Note that, while not a completely identical version, I made a new paste with slightly different goals.
The biggest differences are around persistence and security.
It can be found here.
Between my first and last project, I took the time to try and make a small pastebin tool.
As always, and once more, my main concern was about lightness. Small'n'easy !
I also had the goal to "securely" store the text that was sent.
After some bumps and fails, I finally managed to make it work!
Why do you talk about this project after the µRL project, that came later?
Tbh, I only finished this pastebin project recently, due to some mistakes I made during the development.
A nice start
My first steps were, like with every project, easy:
- A quick composer init ;
- Adding Siler as a dependency (Lightness~);
- Making the default config;
- Adding the default route:
/
.
I wanted a trusted and secure PHP cryptography library, and, obviously, my first thoughts came to the Paragonie Initiative's library, LibSodium.
Since it'll be natively integrated in PHP7.2 (Yay~), it could be a good choice. The only constraint I found was manually compiling and installing the extension.
On my linux servers, I don't say. Windows? Such a pain to use for compilation.
So, after that, I tried and searched a bit more for a composer-dependency-managed, secured library.
I searched and searched, always looking for an up-to-date solution, until I found this one. Clean code, nice reviews, seems to be quite rock solid and a very approached look on security.
Let's try that!
Making the flow~
After choosing the first requirements (of course, for database, I'd go with PostgreSQL, as it's list-ordered entries), I started working on the core workflow: Routes and base logic thinking.
Once the first base /
route was setup and running
(not something very hard...), I started thinking in-depth on how I wanted the
upload/storing and download flow to work.
Security?
The two flows (send/retrieve) are described below.
Send flow (aka. Upload)
The send flow has a few "security" steps, to allow retrieval key checking.
- Generating the random UID and Key using a cryptographically-secure random key generation algorithm;
- Using the key to cipher the sent text;
- Calculating the deciphered text's hashsum (using the RipeMD160 hash algorithm);
- Hashing this hashsum using the native
password_hash
function, only passingPASSWORD_BCRYPT
as a restriction (when PHP7.2 will be released, and Argon2I with it, I'll change this line); - Inserting the generated uid, the hashed text hashsum and the ciphered content in database;
- And that's all.
Retrieve flow (aka. Download)
The retrieve flow have a bit less work: only removing the generation part.

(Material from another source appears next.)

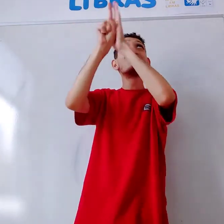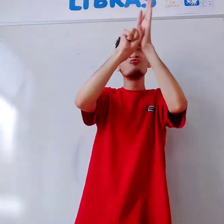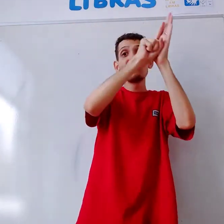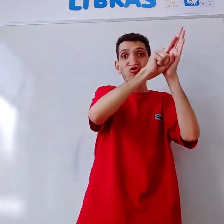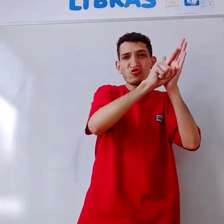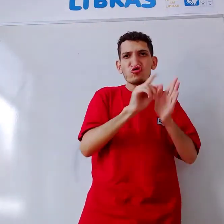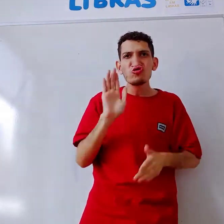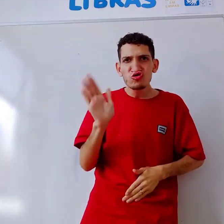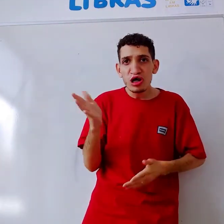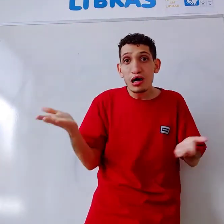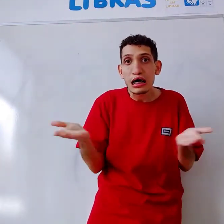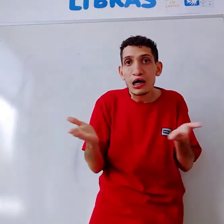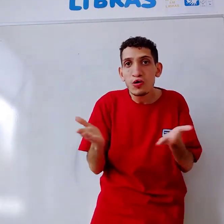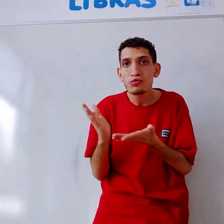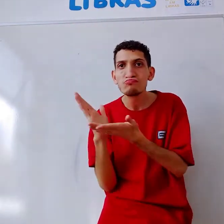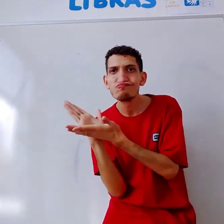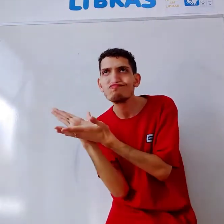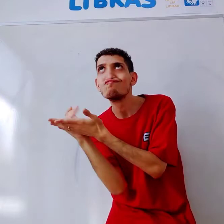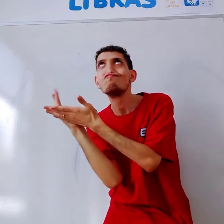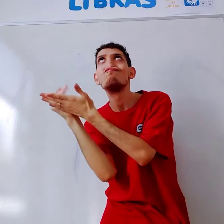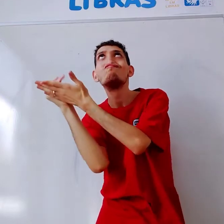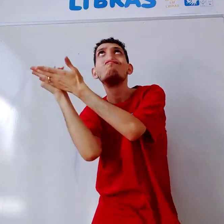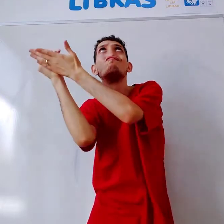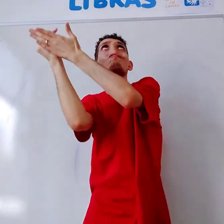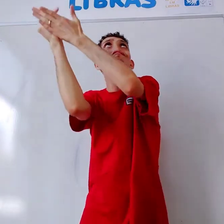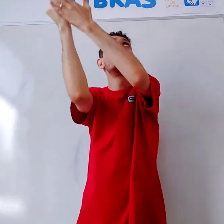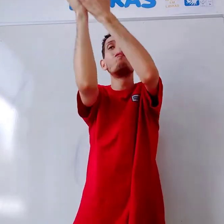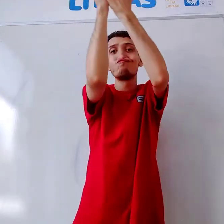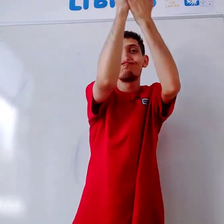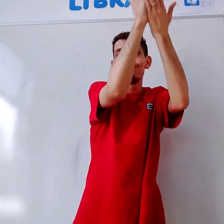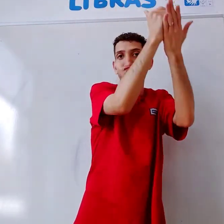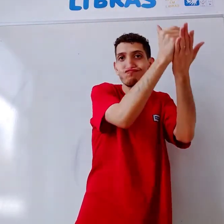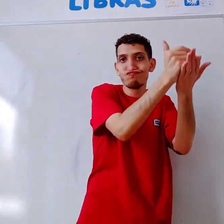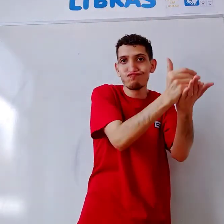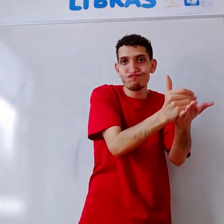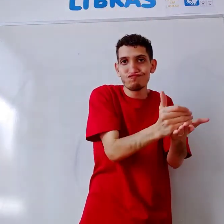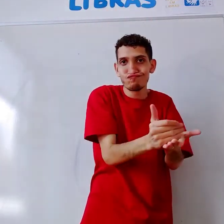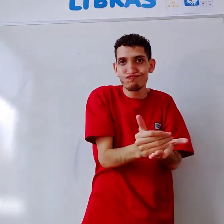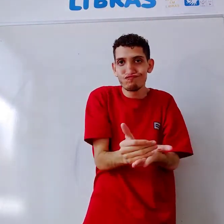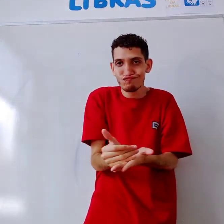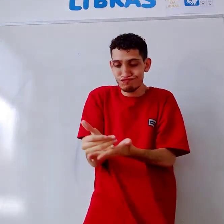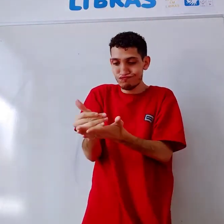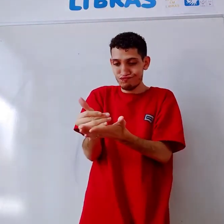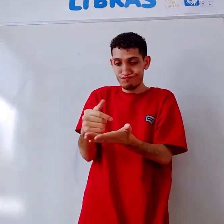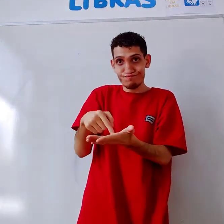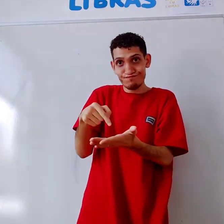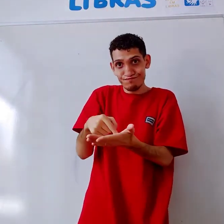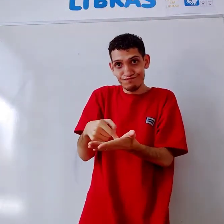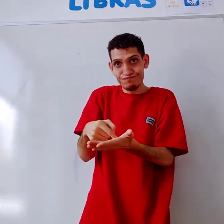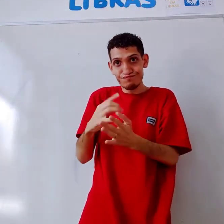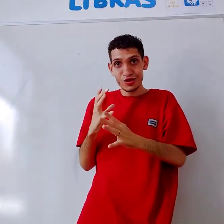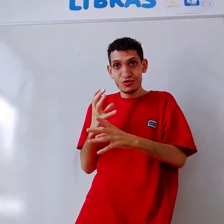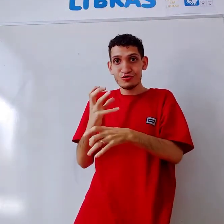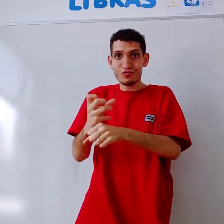pesquisa, pesquisa por todos os estados, já, agora, coletar essas informações, reunir em um só lugar,

- Extracting the first (and technically, only) entry;
- If no result, well... Fuck off ! Else, ...;
- Deciphering the text with the key;
- Generating a hashsum of the deciphered text using the same RipeMD160 algorithm;
- Verifying the two hashes (the checksum and the new one)
using the
password_verify
function; - And that's all.
Conclusion
As shown, the workflow is pretty straightforward and identical. No hidden magic, no complicated craft with the data. Only using secure systems and libraries.
Note that the random key generation library was taken and not modified from here as I couldn't use RandomLib.
Now the only thing left is to make some tools to interact with the server!
As I could discover, it's quite easy to make a basic text storing service, even when security's one of the most important concerns!
Something I wanted to make was an upload client tool, like the µClient one, but a bit more able.